MUQADDIMAH
- Pentingnya mempelajari ‘Aqidah
Syaikh Imam ‘Abdul ‘Aziz bin Baz rahimahullaah
berkata:
“Dan telah diketahui dengan dalil-dalil syar’i
-dari Al-Qur’an dan As-Sunnah- bahwa: segala amal dan ucapan tidak akan sah dan
tidak akan diterima kecuali jika muncul dari ‘Aqidah Shahihah. Jika ‘Aqidah
seseorang itu tidak benar; maka akan gugur segala cabangnya; berupa amalan dan
ucapan; sebagaimana friman Allah Ta’aalaa:
{...وَمَنْ يَكْفُرْ بِالْإِيْـمَانِ فَقَدْ
حَبِطَ عَمَلُهُ وَهُوَ فِـي الْآخِرَةِ مِنَ الْـخَاسِرِيْـنَ}
“…Barangsiapa kafir setelah beriman; maka
sungguh, hapuslah amalannya, dan di akhirat dia termasuk orang-orang rugi.” (QS. Al-Maa-idah: 5)
Dan Allah Ta’aalaa berfirman:
{وَلَقَدْ أُوحِيَ إِلَيْكَ وَإِلَى الَّذِيْنَ مِنْ قَبْلِكَ لَـئِنْ
أَشْرَكْتَ لَيَحْبَطَنَّ عَمَلُكَ وَلَتَكُوْنَنَّ مِنَ الْـخَاسِرِيْنَ}
“Dan
sungguh, telah diwahyukan kepadamu dan kepada (nabi-nabi) yang sebelummu:
“Sungguh, jika kamu mempersekutukan (Allah); niscaya akan hapuslah amalmu dan
tentulah engkau termasuk orang yang rugi”.” (QS. Az-Zumar: 65)
Dan masih banyak lagi
ayat-ayat Al-Qur’an tentang masalah ini.”[1]
- Di Antara Keistimewaan ‘Aqidah
Thahawiyyah
Kitab ‘Aqidah yang ditulis
oleh Imam At-Thahawi rahimahullaah ini termasuk kitab ‘Aqidah dari ulama
terdahulu, karena beliau wafat tahun 321 H. Dan sebagaimana dikatakan oleh Syaikh Shalih
Al-Fauzan hafizhahullaah:
“Semakin suatu kitab itu
terdahulu zamannya; maka lebih mendekati kebenaran, karena berarti dekat dengan generasi-generasi
yang diutamakan.”[2]
Yakni: generasi-generasi yang
Nabi shallallaahu ‘alaihi wa sallam jelaskan keutamaannya dalam sabda
beliau:
خَيْرُ
النَّاسِ قَرْنِـيْ، ثُـمَّ الَّذِيْنَ يَلُوْنَهُمْ، ثُـمَّ الَّذِيْنَ يَلُوْنَهُمْ...
“Sebaik-baik
manusia adalah pada masaku ini (yaitu masa para Shahabat), kemudian yang
sesudahnya (masa Tabi’in), kemudian yang sesudahnya (masa Tabi’ut Tabi’in).”[3]
-
Tentang Penulis
Kitab
ini dinamakan ‘Aqidah Thahawaiyyah dikarenakan disandarkan kepada penulisnya;
yaitu: Imam Abu Ja’far Ahmad bin Muhammad bin Salamah Ath-Thahawi (239 H - 321 H).
Awalnya beliau belajar madzhab Syafi’i kepada pamannya: Imam Al-Muzanni, yang termasuk
dari murid Imam Asy-Syafi’i, kemudian berpindah ke madzhab Hanafi, mengikuti
madzhab Imam Abu Hanifah.

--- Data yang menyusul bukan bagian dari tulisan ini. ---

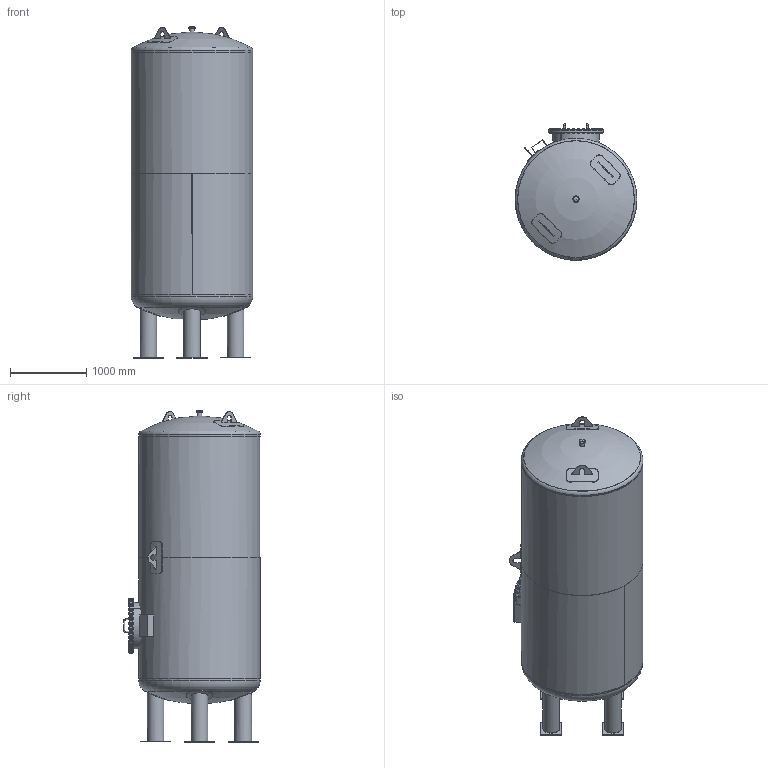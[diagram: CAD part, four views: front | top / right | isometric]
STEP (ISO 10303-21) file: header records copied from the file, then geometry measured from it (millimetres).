
FILE_DESCRIPTION((''),'2;1');
FILE_NAME('Behälter_Z-38_11-241_1600_007.stp','2013-01-31T10:44:18',('k�'),(''),'Autodesk Inventor 2012','Autodesk Inventor 2012','');
FILE_SCHEMA(('AUTOMOTIVE_DESIGN { 1 0 10303 214 1 1 1 1 }'));
Length unit declared in the file: millimetre
Products named in the file (1): Behälter_Z-38_11-241_1600_007_KV
Bounding box: 1600 x 1797 x 4365.54 mm (x, y, z)
Volume: 570624703 mm3; surface area: 47314649.5 mm2
Topology: 2 solids, 6 shells, 1075 faces, 2486 edges, 1564 vertices
Faces by surface type: plane 610, cone 288, cylinder 151, sphere 14, torus 12
Full cylindrical faces by diameter (mm): 16 x70, 22.5 x32, 60.3 x2, 66.3 x1, 82.3 x1, 209.1 x4, 219.1 x4, 350 x4, 598 x2, 610 x2, 660 x1, 720 x2, 1590 x3, 1600 x4
Entity records: 30764 total; most frequent: CARTESIAN_POINT 8320, ORIENTED_EDGE 4408, DIRECTION 4138, EDGE_CURVE 2204, AXIS2_PLACEMENT_3D 1678, EDGE_LOOP 1526, VERTEX_POINT 1512, FACE_OUTER_BOUND 1075
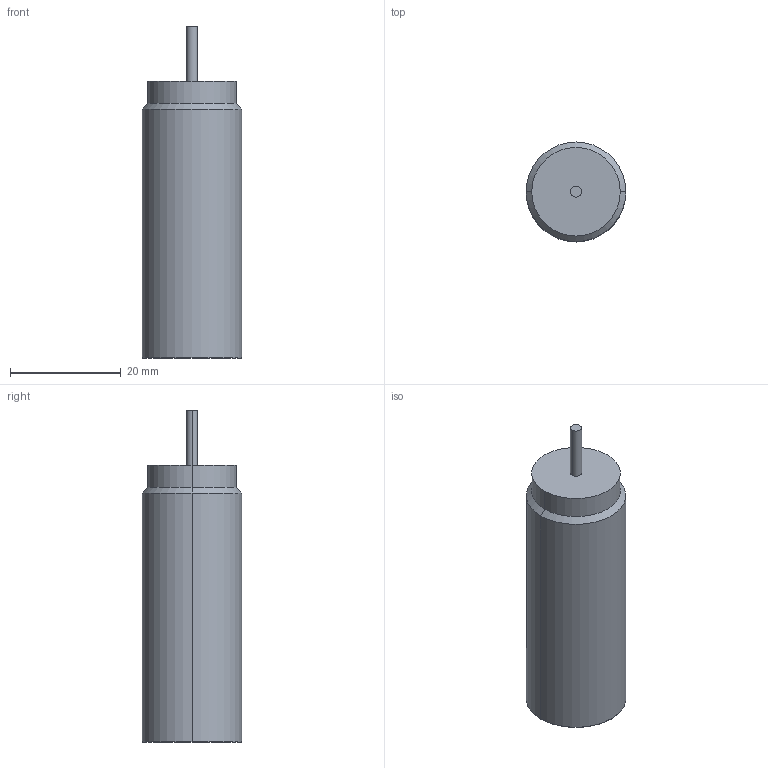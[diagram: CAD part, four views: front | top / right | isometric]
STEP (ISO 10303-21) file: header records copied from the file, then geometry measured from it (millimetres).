
FILE_DESCRIPTION((''),'2;1');
FILE_NAME('PRT0001_SW0001','2012-02-28T',('dhelisch'),(''),'PRO/ENGINEER BY PARAMETRIC TECHNOLOGY CORPORATION, 2007250','PRO/ENGINEER BY PARAMETRIC TECHNOLOGY CORPORATION, 2007250','');
FILE_SCHEMA(('CONFIG_CONTROL_DESIGN'));
Length unit declared in the file: millimetre
Products named in the file (1): PRT0001_SW0001
Bounding box: 18 x 18 x 60 mm (x, y, z)
Surface area: 3337.2 mm2 (no closed solid volume)
Topology: 0 solids, 1 shells, 13 faces, 24 edges, 14 vertices
Faces by surface type: cylinder 6, plane 3, torus 2, cone 2
Entity records: 537 total; most frequent: DIRECTION 66, COLOUR_RGB 65, CARTESIAN_POINT 51, ORIENTED_EDGE 48, AXIS2_PLACEMENT_3D 29, EDGE_CURVE 24, FILL_AREA_STYLE_COLOUR 16, FILL_AREA_STYLE 16
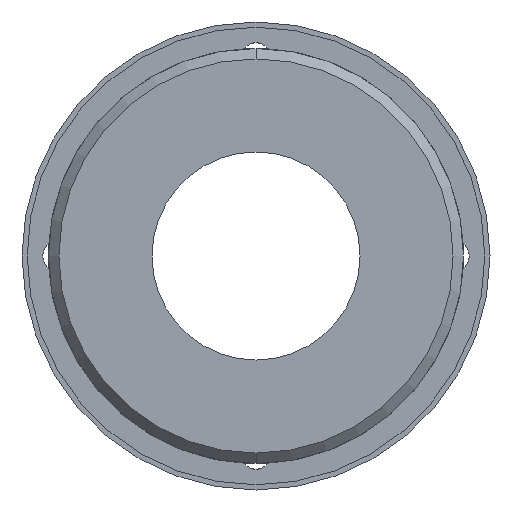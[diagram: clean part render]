
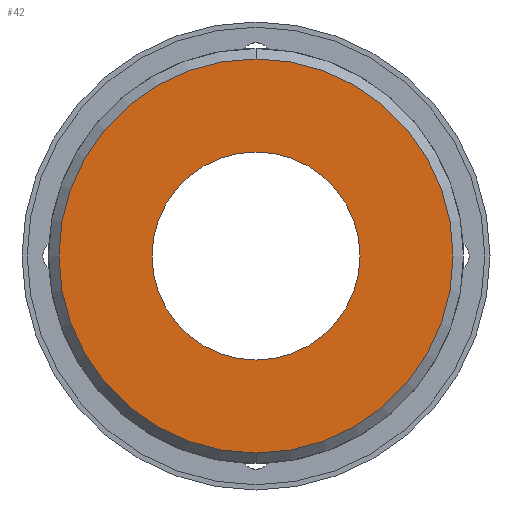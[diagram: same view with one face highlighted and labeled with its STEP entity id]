
A CAD part, front view. The second image highlights one B-rep face of the part: STEP entity #42.
In plain terms, the highlighted planar face has unit normal (0, -1, 0).
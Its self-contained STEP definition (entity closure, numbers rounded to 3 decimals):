
#24 = CARTESIAN_POINT ( 'NONE',  ( 0., 0., 10. ) ) ;
#26 = EDGE_LOOP ( 'NONE', ( #536, #608 ) ) ;
#41 = ORIENTED_EDGE ( 'NONE', *, *, #649, .T. ) ;
#42 = ADVANCED_FACE ( 'NONE', ( #490, #969 ), #421, .F. ) ;
#72 = AXIS2_PLACEMENT_3D ( 'NONE', #748, #949, #709 ) ;
#142 = AXIS2_PLACEMENT_3D ( 'NONE', #982, #446, #537 ) ;
#161 = CARTESIAN_POINT ( 'NONE',  ( 0., 0., -18.95 ) ) ;
#175 = DIRECTION ( 'NONE',  ( 0., 0., -1. ) ) ;
#230 = VERTEX_POINT ( 'NONE', #863 ) ;
#236 = CARTESIAN_POINT ( 'NONE',  ( 0., 0., 0. ) ) ;
#267 = EDGE_CURVE ( 'NONE', #888, #838, #452, .T. ) ;
#322 = AXIS2_PLACEMENT_3D ( 'NONE', #236, #551, #546 ) ;
#374 = CIRCLE ( 'NONE', #72, 18.95 ) ;
#388 = EDGE_CURVE ( 'NONE', #230, #688, #665, .T. ) ;
#409 = ORIENTED_EDGE ( 'NONE', *, *, #267, .T. ) ;
#421 = PLANE ( 'NONE',  #142 ) ;
#437 = AXIS2_PLACEMENT_3D ( 'NONE', #567, #712, #175 ) ;
#446 = DIRECTION ( 'NONE',  ( 0., 1., 0. ) ) ;
#452 = CIRCLE ( 'NONE', #322, 18.95 ) ;
#484 = AXIS2_PLACEMENT_3D ( 'NONE', #822, #719, #569 ) ;
#490 = FACE_OUTER_BOUND ( 'NONE', #841, .T. ) ;
#536 = ORIENTED_EDGE ( 'NONE', *, *, #388, .F. ) ;
#537 = DIRECTION ( 'NONE',  ( 0., 0., 1. ) ) ;
#546 = DIRECTION ( 'NONE',  ( 0., 0., 1. ) ) ;
#551 = DIRECTION ( 'NONE',  ( 0., -1., 0. ) ) ;
#567 = CARTESIAN_POINT ( 'NONE',  ( 0., 0., 0. ) ) ;
#569 = DIRECTION ( 'NONE',  ( 0., 0., -1. ) ) ;
#608 = ORIENTED_EDGE ( 'NONE', *, *, #862, .F. ) ;
#649 = EDGE_CURVE ( 'NONE', #838, #888, #374, .T. ) ;
#665 = CIRCLE ( 'NONE', #484, 10. ) ;
#688 = VERTEX_POINT ( 'NONE', #24 ) ;
#709 = DIRECTION ( 'NONE',  ( 0., 0., 1. ) ) ;
#712 = DIRECTION ( 'NONE',  ( 0., -1., 0. ) ) ;
#719 = DIRECTION ( 'NONE',  ( 0., -1., 0. ) ) ;
#748 = CARTESIAN_POINT ( 'NONE',  ( 0., 0., 0. ) ) ;
#818 = CARTESIAN_POINT ( 'NONE',  ( 0., 0., 18.95 ) ) ;
#822 = CARTESIAN_POINT ( 'NONE',  ( 0., 0., 0. ) ) ;
#838 = VERTEX_POINT ( 'NONE', #161 ) ;
#841 = EDGE_LOOP ( 'NONE', ( #409, #41 ) ) ;
#862 = EDGE_CURVE ( 'NONE', #688, #230, #874, .T. ) ;
#863 = CARTESIAN_POINT ( 'NONE',  ( 0., 0., -10. ) ) ;
#874 = CIRCLE ( 'NONE', #437, 10. ) ;
#888 = VERTEX_POINT ( 'NONE', #818 ) ;
#949 = DIRECTION ( 'NONE',  ( 0., -1., 0. ) ) ;
#969 = FACE_BOUND ( 'NONE', #26, .T. ) ;
#982 = CARTESIAN_POINT ( 'NONE',  ( 0., 0., 0. ) ) ;

Di antara karya Imam Ath-Thahawi yang terkenal
adalah: “Syarh Ma’aanil Aatsaar” tentang fiqih, dan “Syarh Musykilil
Aatsaar” tentang hadits-hadits yang musykil (terlihat
bertententangan antara satu dengan lainnya).
MATAN
(REDAKSI) KITAB:
Imam
Ath-Thahawi rahimahullaah berkata:
هَذَا ذِكْرُ بَيَانِ عَقِيْدَةِ أَهْلِ السُّنَّةِ
وَالْـجَمَاعَةِ، عَلَى مَذْهَبِ فُقَهَاءِ الْمِلَّةِ: أَبِـيْ حَنِيْفَةَ
النُّعْمَانِ بْنِ ثَابِتٍ الْكُوْفِـيِّ، وَأَبِـيْ يُوْسُفَ يَعْقُوبَ بْنِ
إِبْرَاهِيْمَ الْأَنْصَارِيِّ، وَأَبِـيْ عَبْدِ اللهِ مُـحَمَّدِ بْنِ الْـحَسَنِ
الشَّيْبَانِـيِّ -رِضْوَانُ اللهِ عَلَيْهِمْ أَجْـمَعِيْنَ- وَمَا يَعْتَقِدُوْنَ
مِنْ أُصُوْلِ الدِّيْنِ، وَيَدِيْنُونَ بِهِ رَبَّ الْعَالَمِيْنَ.
“Kitab ini adalah
penyebutan tentang ‘Aqidah Ahlus Sunnah Wal Jama’ah berdasarkan madzhab para
ahli fiqih agama ini; yaitu: Abu Hanifah Nu’man bin Tsabit Al-Kufi, Abu Yusuf
Ya’qub bin Ibrahim Al-Anshari, dan Abu ‘Abdillah Muhammad bin Hasan
Asy-Syaibani -semoga Allah meridhai mereka semua-, dan (kitab ini merupakan)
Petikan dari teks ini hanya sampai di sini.